Межевую звезду Тэль каравелла прошла очень лихо, на всех парусах, и экипаж отметил это событие прекрасным обедом, накрытым прямо на палубе под полосатым тентом, который предусмотрительная Дора захватила с собой в плавание.
Звезда Тэль сияла, не жалея сил, и в этой точке мирового пространства было довольно жарко.
– Мон анж, – настаивал захмелевший Моля, обращаясь к своей подруге, – позволь мне самому решать, удобно или не удобно, тактично или не совсем. Я свою меру ой-ой-ой как знаю. Слава богу, в городах живали, не так ли, командор?
– Одинокая хижина на краю горного плато много лет заменяла мне целый мир, – дипломатично ответил Перегринус.
– Это несомненно, – крот опрокинул в рот рюмку ликера и закусил корешком мандрагоры.
– Он меня в могилу сведет! – всхлипнула Дора и поднялась из-за стола. – Господи, зачем я только согласилась ехать с этим ничтожным эгоистом!
– Моля… – укоризненно сказал Перегринус.
– Ну, Моля, Моля! Триста лет, и всё Моля! – взорвался крот. – Пусть уходит, и самом-то деле! Спасу нет!
– Ради бога, верни ее! Очень тебя прошу!
– Спешу и падаю! – куражился Моля. – Э-эх! Была бы охота, извини-подвинься. – Он развалился в кресле и выкатил брюхо.
– Поговорим, наконец, как мужчина с мужчиной, давно собирался. Мне, право, ваша мягкотелость странна. Она просто недопустима для адмирала такого крупного судна!
«Боже, как он распустился!» – изумился Перегринус.
– Это неправильно – адмирал судна. Таких адмиралов не бывает.
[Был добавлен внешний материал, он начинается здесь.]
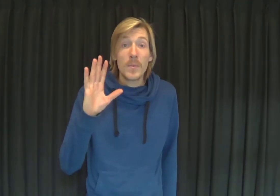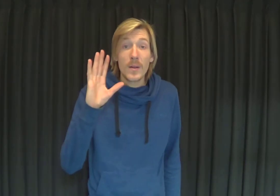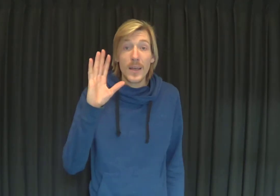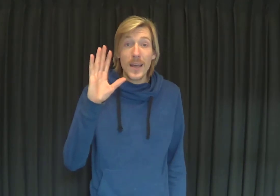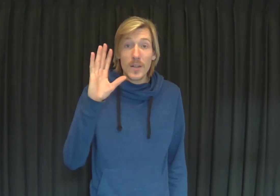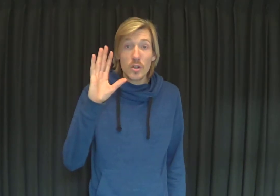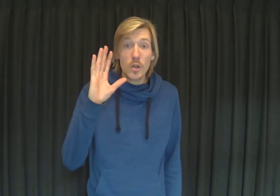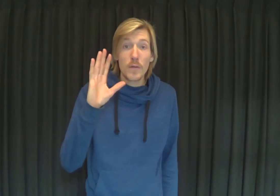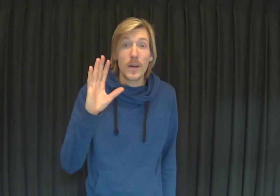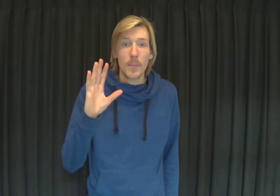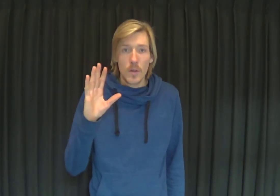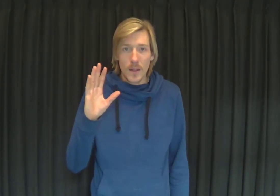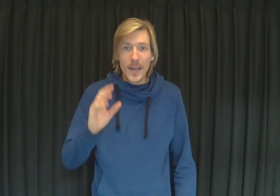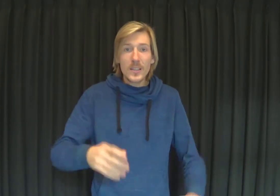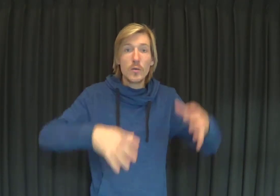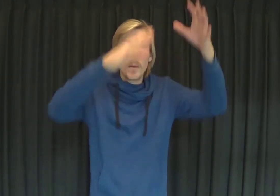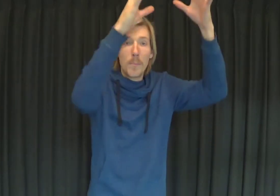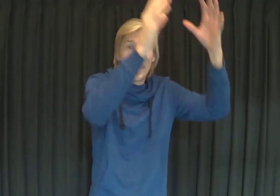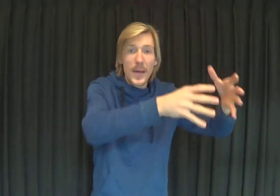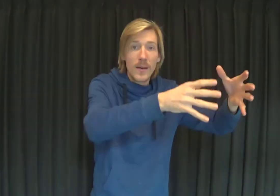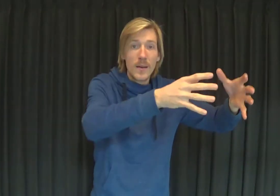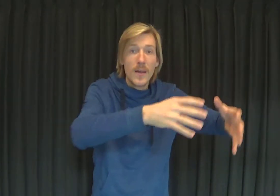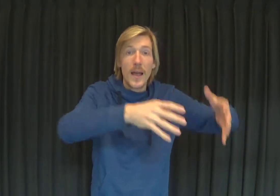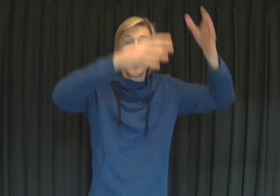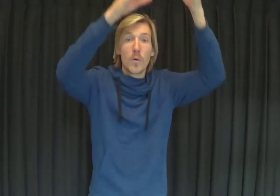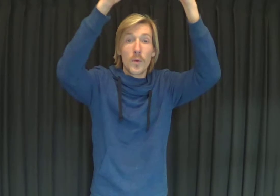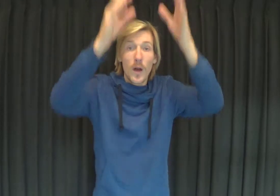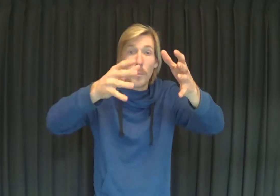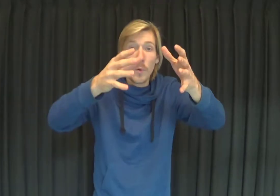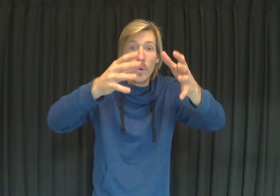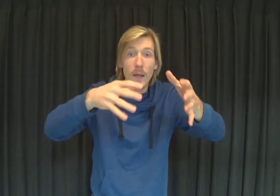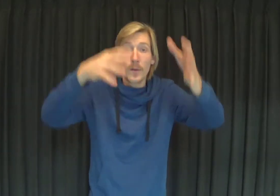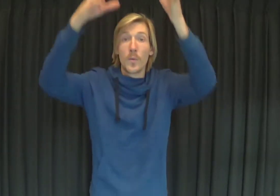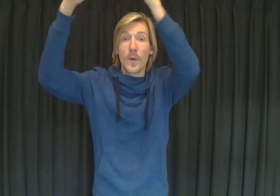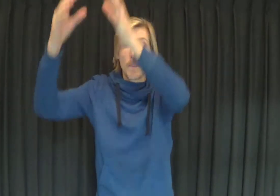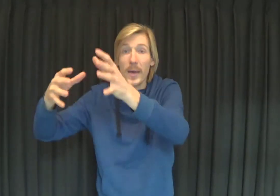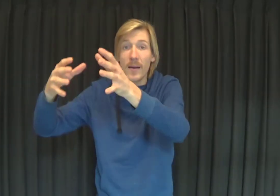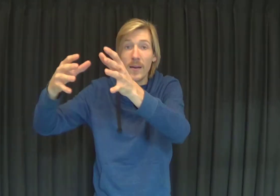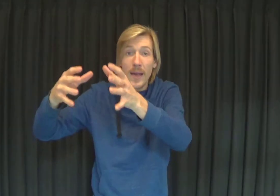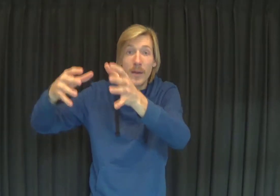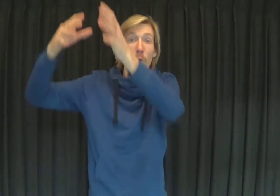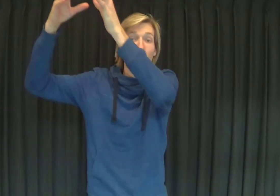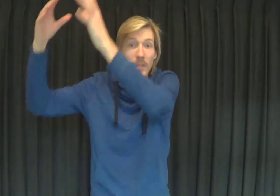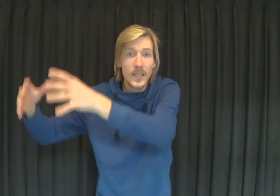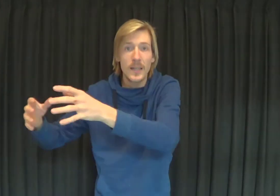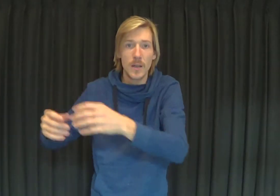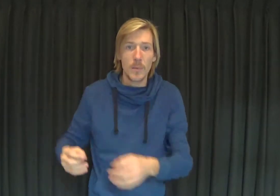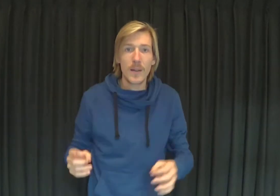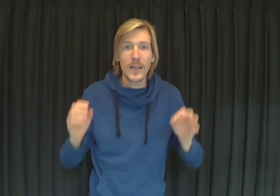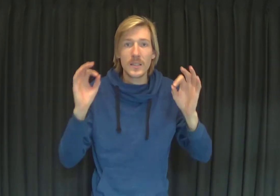in een stukje van rippen. Eerst doen we een peer, en dan komt er een appel, en dan komt er een peer, en dan komt er een sinaasappel. Dat klinkt

– Не цепляйтесь к словам, не вижу большой разницы – капитан или адмирал, – горячился крот. – Не в этом дело! Просто обидно! За вас, за вас обидно! Ну не идёт вам эта слюнтяйская манера, хоть убейте, не идёт! «Дора, Дорочка, Ночь, Ноченька…» Вы стали каким-то дамским угодником!.. – Крот подхватил бутылку и прицелился налить Перегринусу. – Ещё по одной?
– Нет-нет! – вскричал тот. – Никаких «ещё», и вообще, о чём ты болтаешь?! Я стал дамским угодником?!
– Вот именно, стали, господин губернатор! Именно так!
– Я, значит, стал! – негодовал Перегринус. – Отлично! А кто же тогда ноет о муках любви, да так, что палуба ходит ходуном? Уж не я ли? Кто подбросил в каюту Дертье «Пурпурные стансы»?!
Как ты думаешь, кто написал эту пошлятину? Тоже мне «бутон».